I know you do acknowledge that in the post I quote, but I really feel it needs to be emphasised, because the language of some posts on here still show a lack of empathy with absolute beginners (especially beginners of their first L2). Extra support for people learning something for the first time compared to others who have previous experience is not "coddling", as some have said; it is simply basic pedagogy.
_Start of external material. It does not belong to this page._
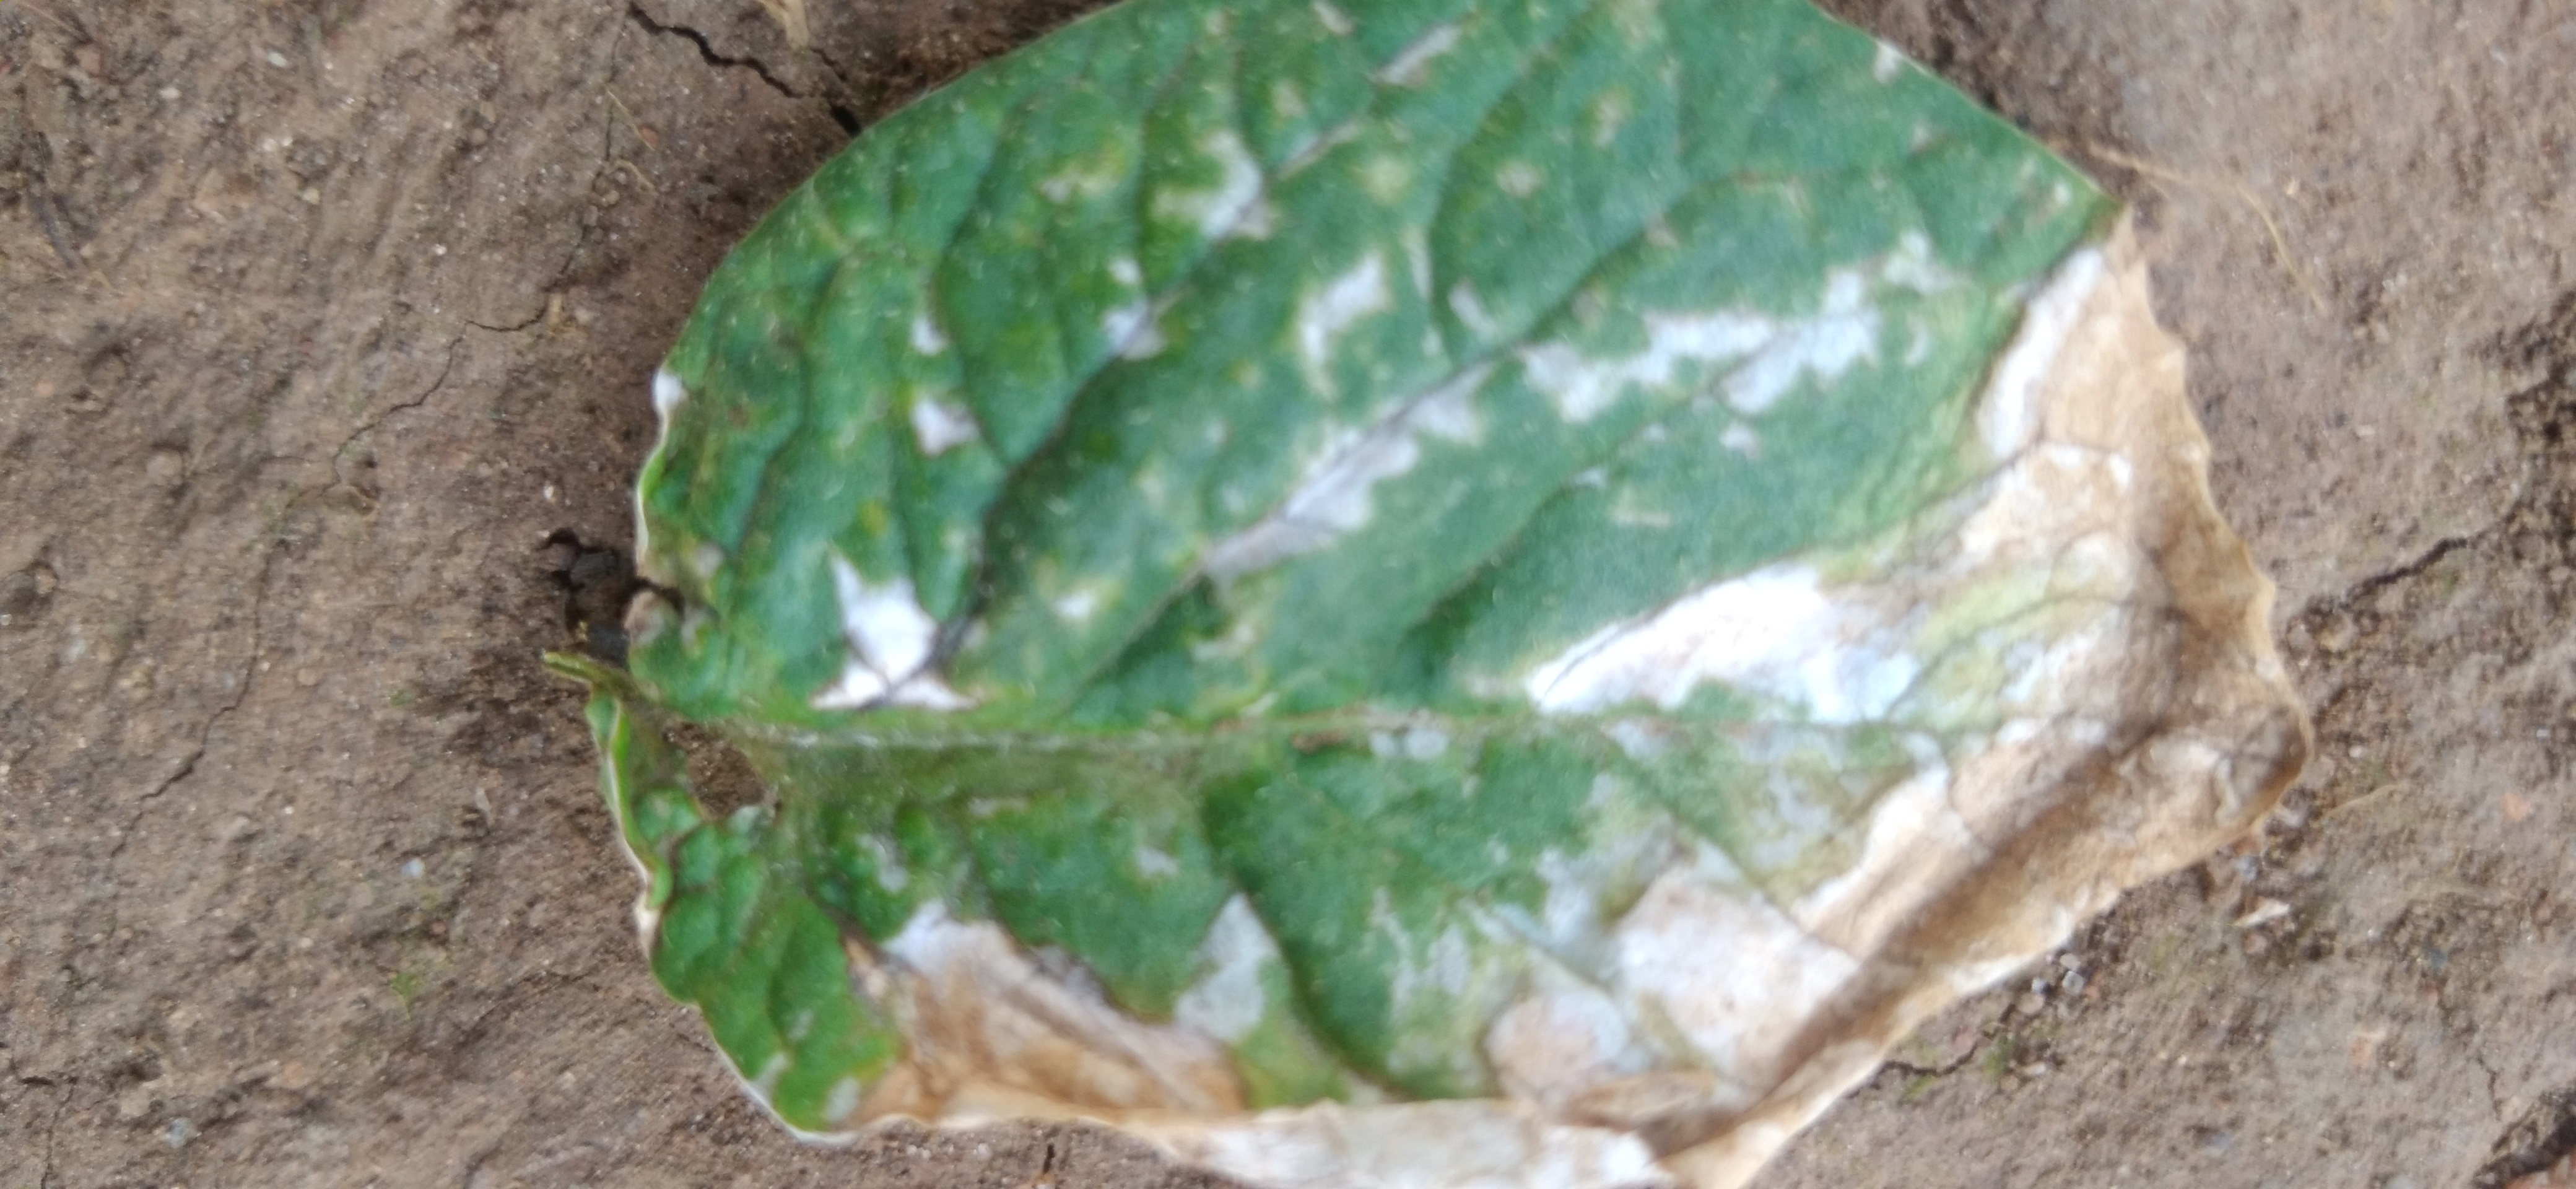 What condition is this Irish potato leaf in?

early blight
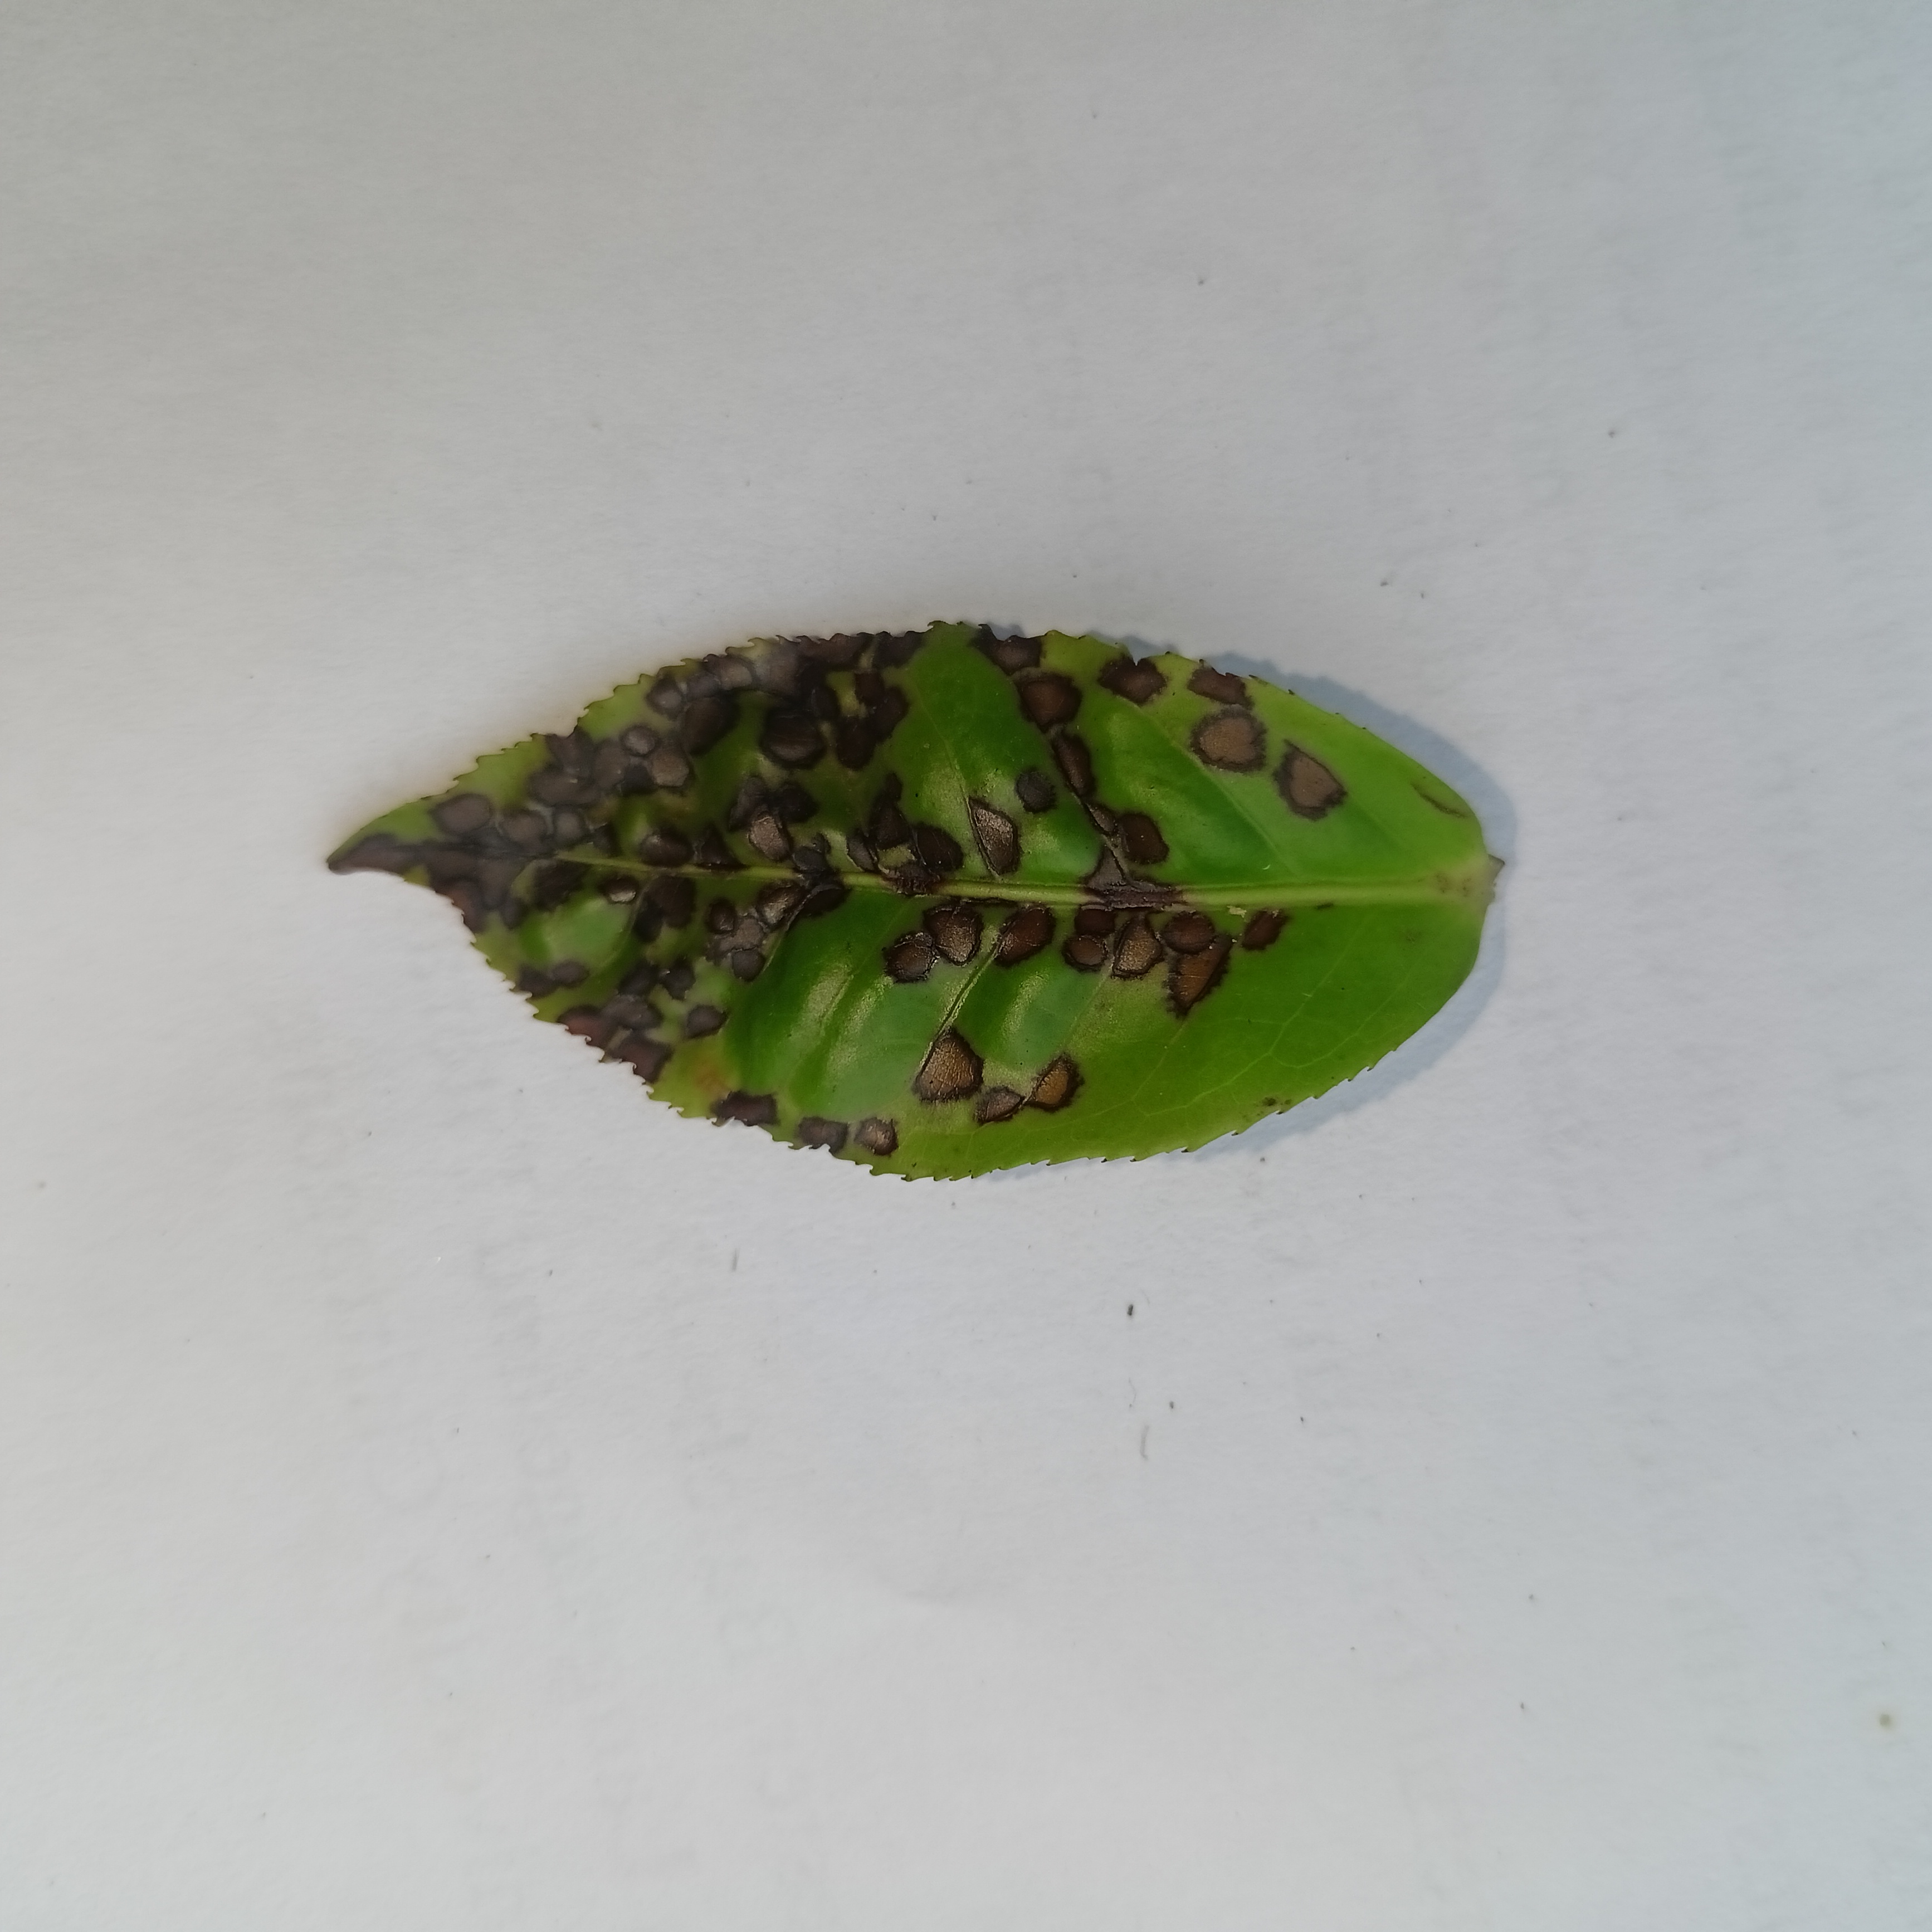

I like the "slow" student on the Michel Thomas tapes and I like the overkill of Pimsleur for FIGS languages even though they frustrated me too sometimes. Why? Because I was a zero beginner of my first L2 too once. I had no idea what I was doing and had laughable misconceptions about both the nature of language and my own learning process. Michel Thomas guided me over that and I am pleased to see others such as Mihali continuing this tradition. I am immensely grateful to them.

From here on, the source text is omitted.